(Items listed in a dataset)

# # # # # # #

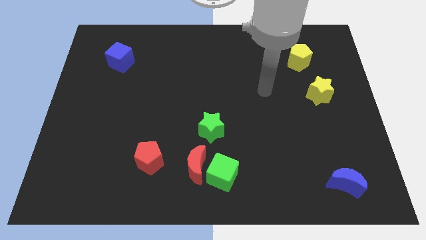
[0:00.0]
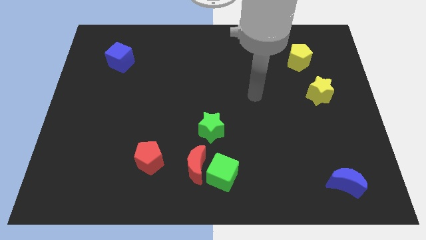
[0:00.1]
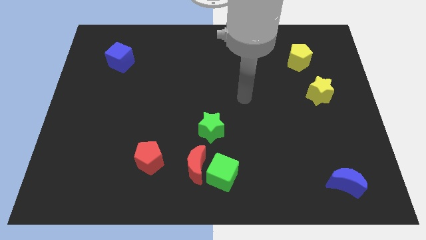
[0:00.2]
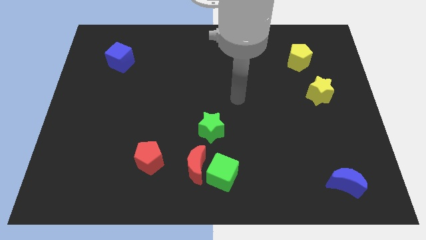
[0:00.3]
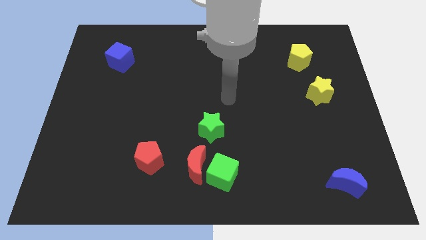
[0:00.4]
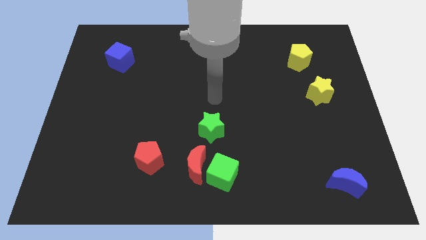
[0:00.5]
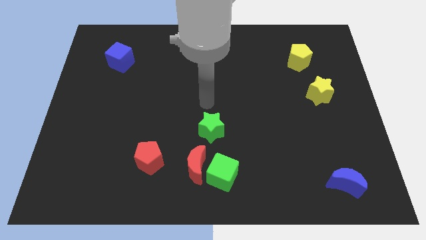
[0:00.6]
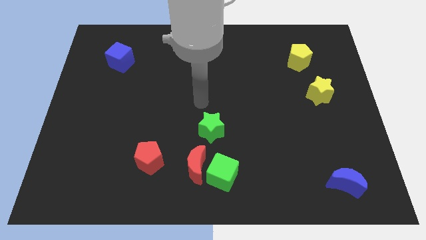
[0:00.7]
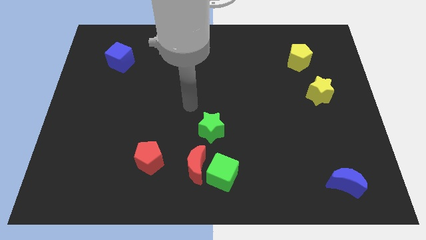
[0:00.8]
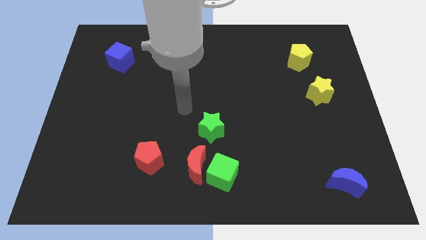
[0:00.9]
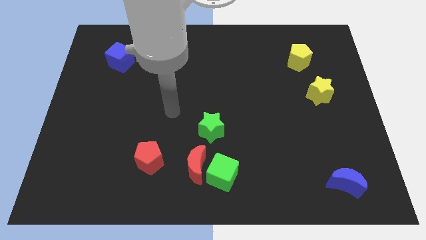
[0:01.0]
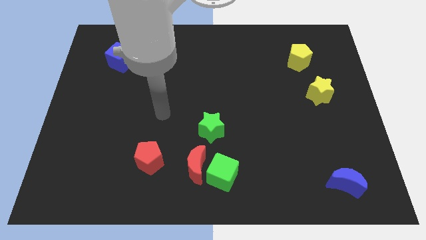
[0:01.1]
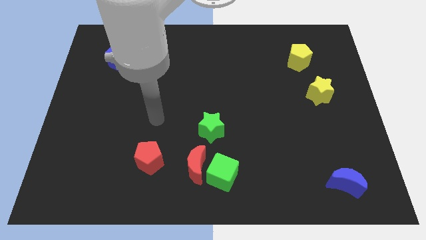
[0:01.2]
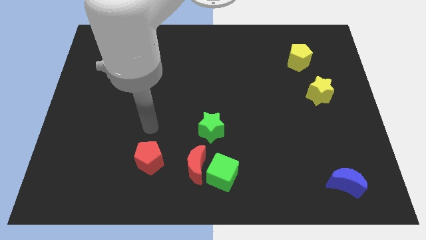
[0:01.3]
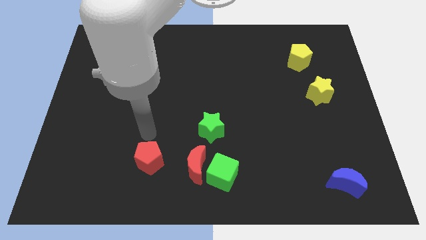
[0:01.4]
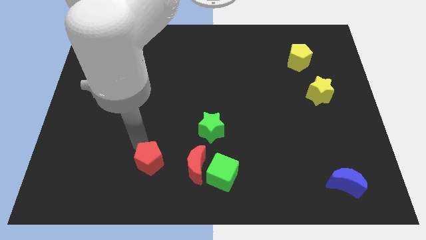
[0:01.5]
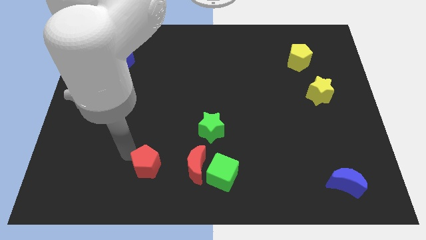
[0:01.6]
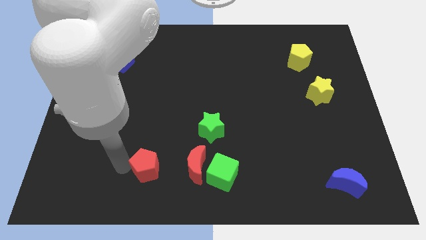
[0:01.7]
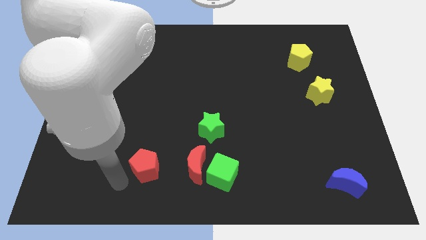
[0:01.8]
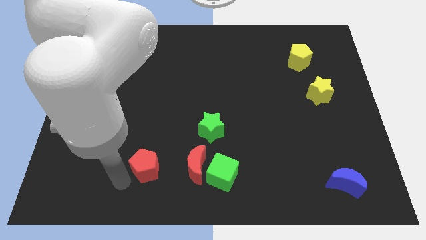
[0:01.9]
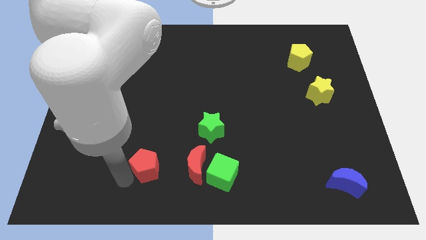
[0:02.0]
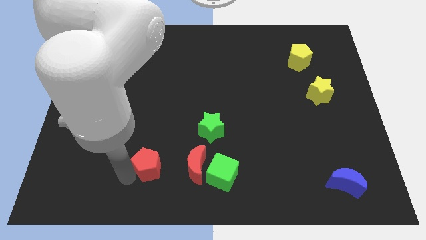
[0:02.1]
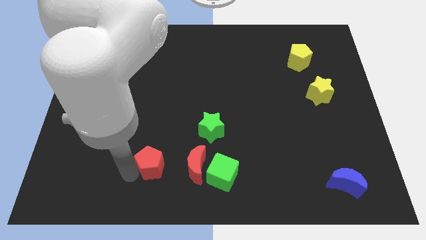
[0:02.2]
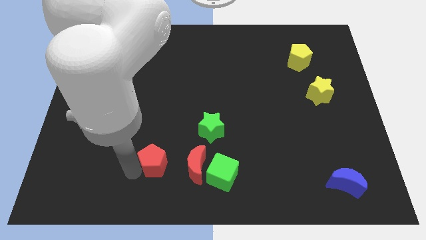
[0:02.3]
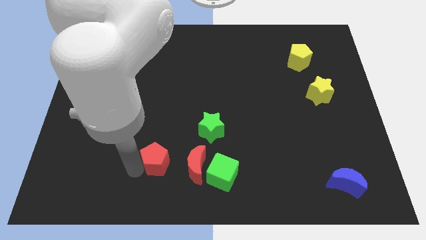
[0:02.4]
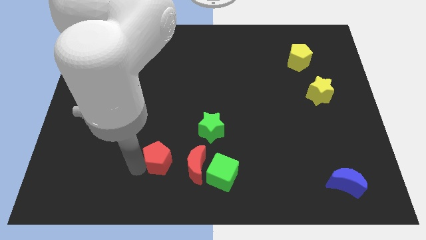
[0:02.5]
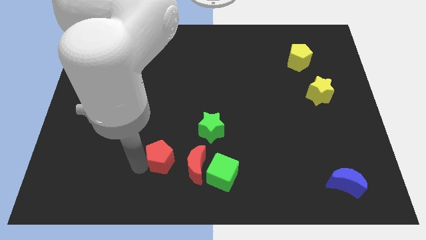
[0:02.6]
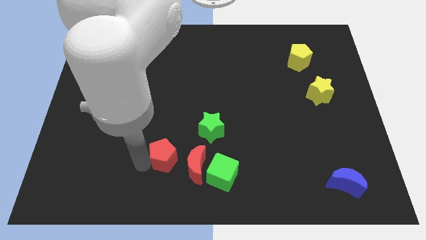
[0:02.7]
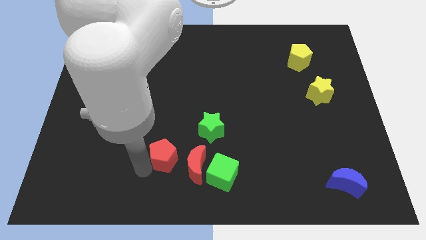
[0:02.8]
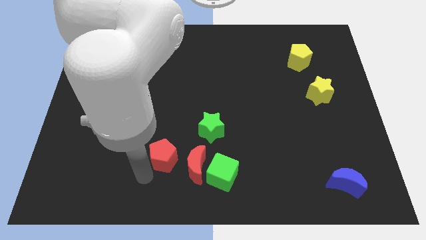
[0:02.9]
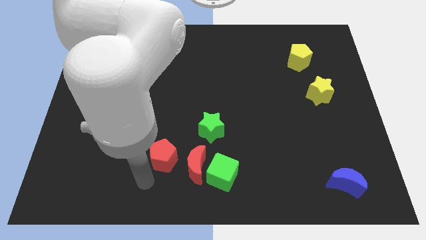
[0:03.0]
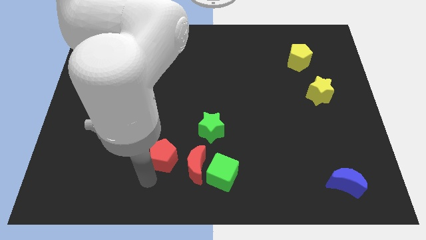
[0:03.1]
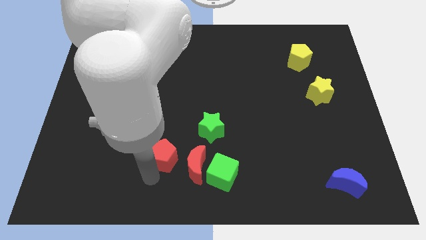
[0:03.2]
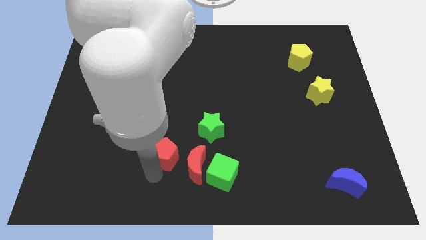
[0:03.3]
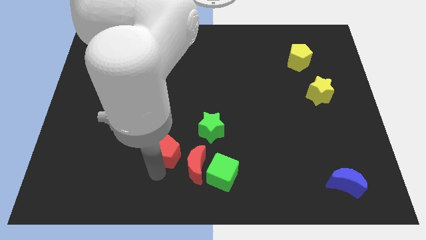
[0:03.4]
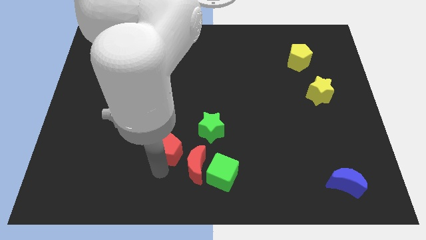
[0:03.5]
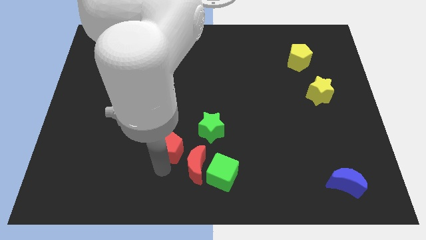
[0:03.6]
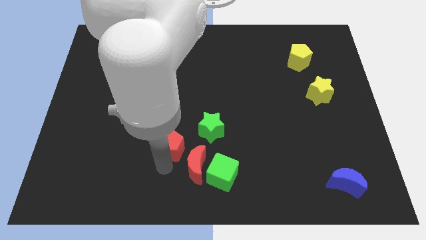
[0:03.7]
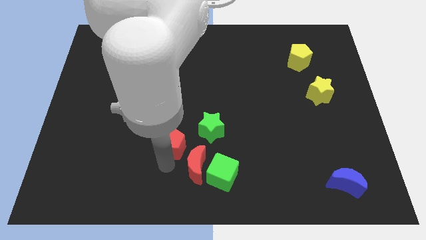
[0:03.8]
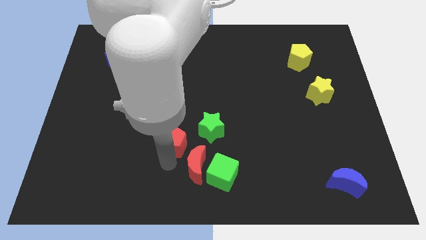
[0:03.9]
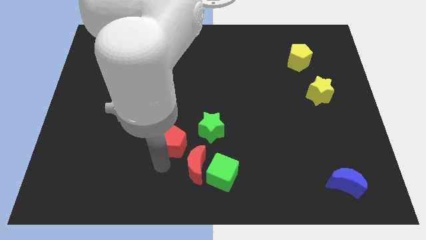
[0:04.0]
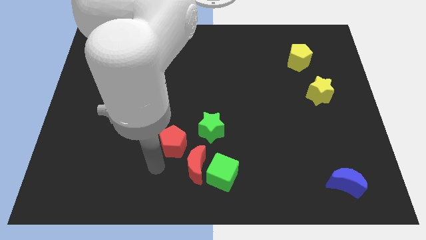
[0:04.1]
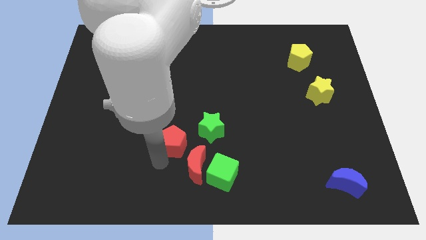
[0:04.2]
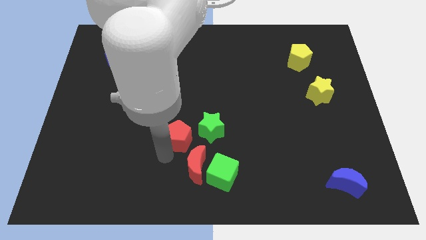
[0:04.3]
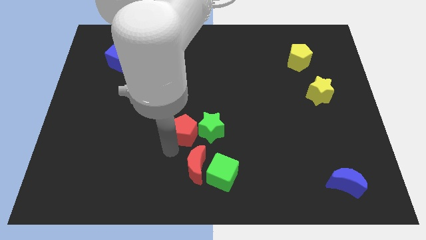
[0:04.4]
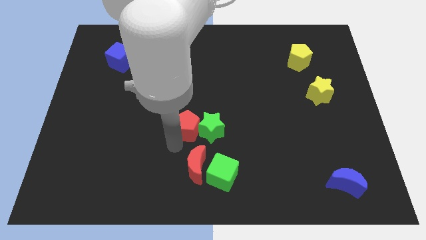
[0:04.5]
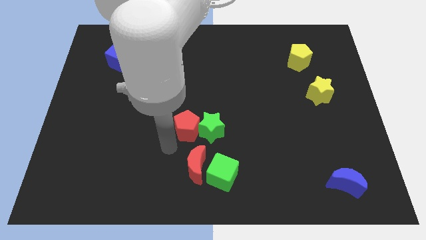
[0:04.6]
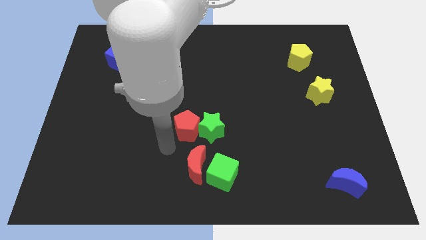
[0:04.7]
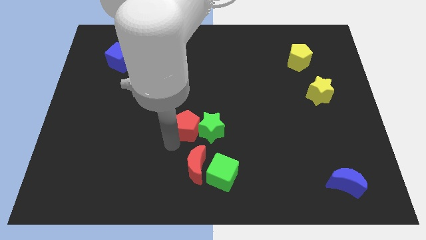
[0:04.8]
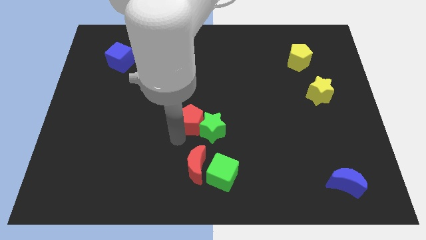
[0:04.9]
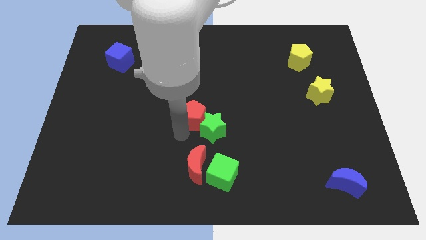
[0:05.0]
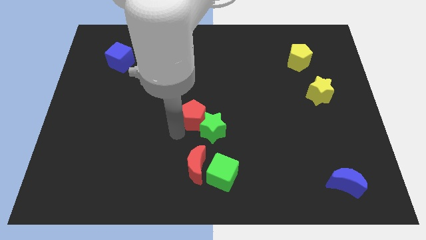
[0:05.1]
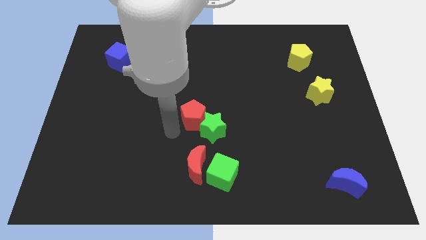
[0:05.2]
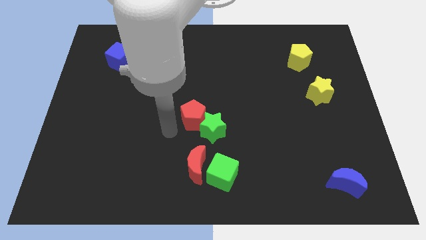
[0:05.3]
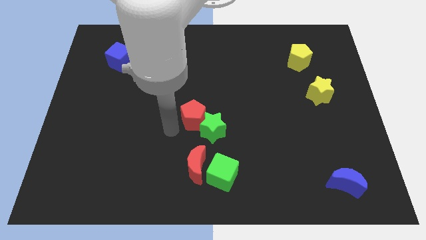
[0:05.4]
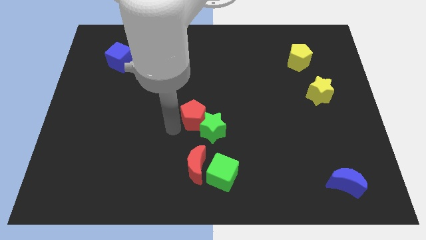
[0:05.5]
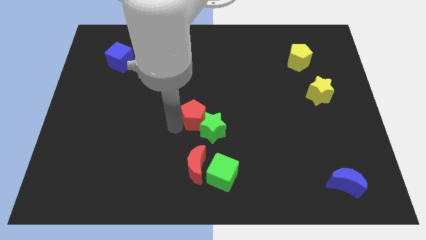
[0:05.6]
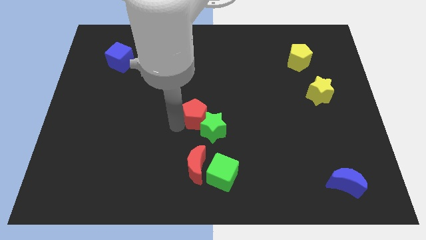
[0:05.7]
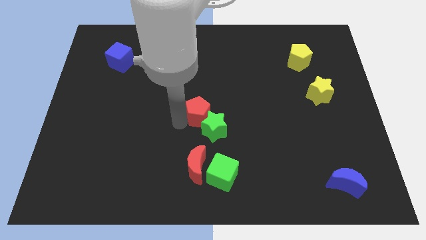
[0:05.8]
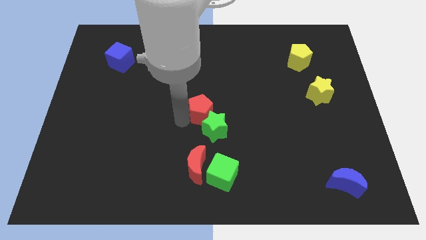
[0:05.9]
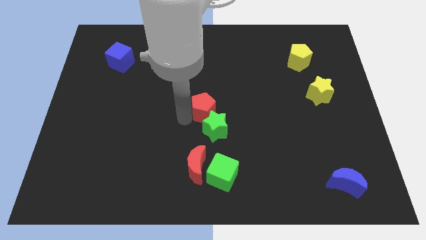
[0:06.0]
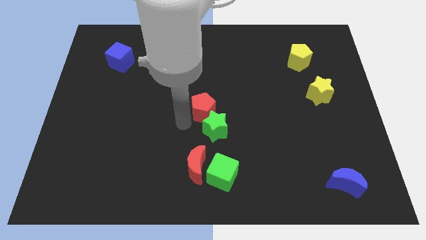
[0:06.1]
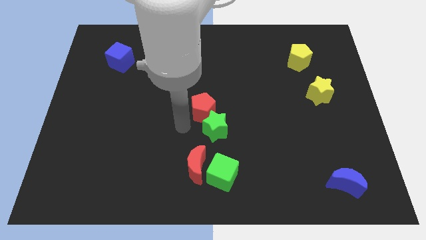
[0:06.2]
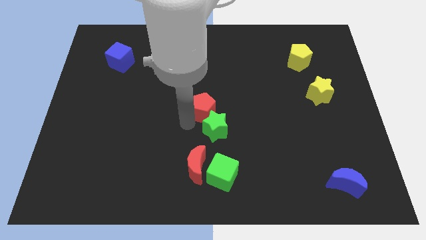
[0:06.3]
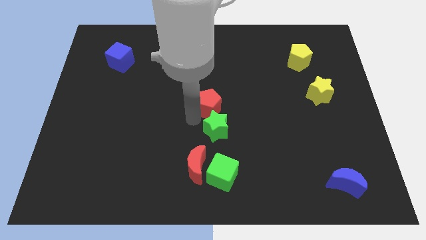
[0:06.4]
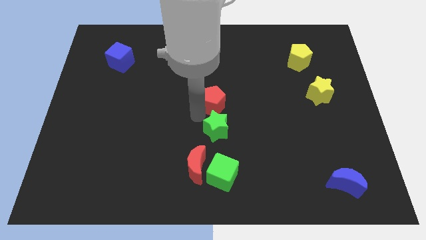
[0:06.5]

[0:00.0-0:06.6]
slide the red pentagon upwards and then right

# # # # # # #

The records above are to be restated exactly, without their pictures.

> **Answer to the problem**:
[0:00.0]
[0:00.1]
[0:00.2]
[0:00.3]
[0:00.4]
[0:00.5]
[0:00.6]
[0:00.7]
[0:00.8]
[0:00.9]
[0:01.0]
[0:01.1]
[0:01.2]
[0:01.3]
[0:01.4]
[0:01.5]
[0:01.6]
[0:01.7]
[0:01.8]
[0:01.9]
[0:02.0]
[0:02.1]
[0:02.2]
[0:02.3]
[0:02.4]
[0:02.5]
[0:02.6]
[0:02.7]
[0:02.8]
[0:02.9]
[0:03.0]
[0:03.1]
[0:03.2]
[0:03.3]
[0:03.4]
[0:03.5]
[0:03.6]
[0:03.7]
[0:03.8]
[0:03.9]
[0:04.0]
[0:04.1]
[0:04.2]
[0:04.3]
[0:04.4]
[0:04.5]
[0:04.6]
[0:04.7]
[0:04.8]
[0:04.9]
[0:05.0]
[0:05.1]
[0:05.2]
[0:05.3]
[0:05.4]
[0:05.5]
[0:05.6]
[0:05.7]
[0:05.8]
[0:05.9]
[0:06.0]
[0:06.1]
[0:06.2]
[0:06.3]
[0:06.4]
[0:06.5]

[0:00.0-0:06.6]
slide the red pentagon upwards and then right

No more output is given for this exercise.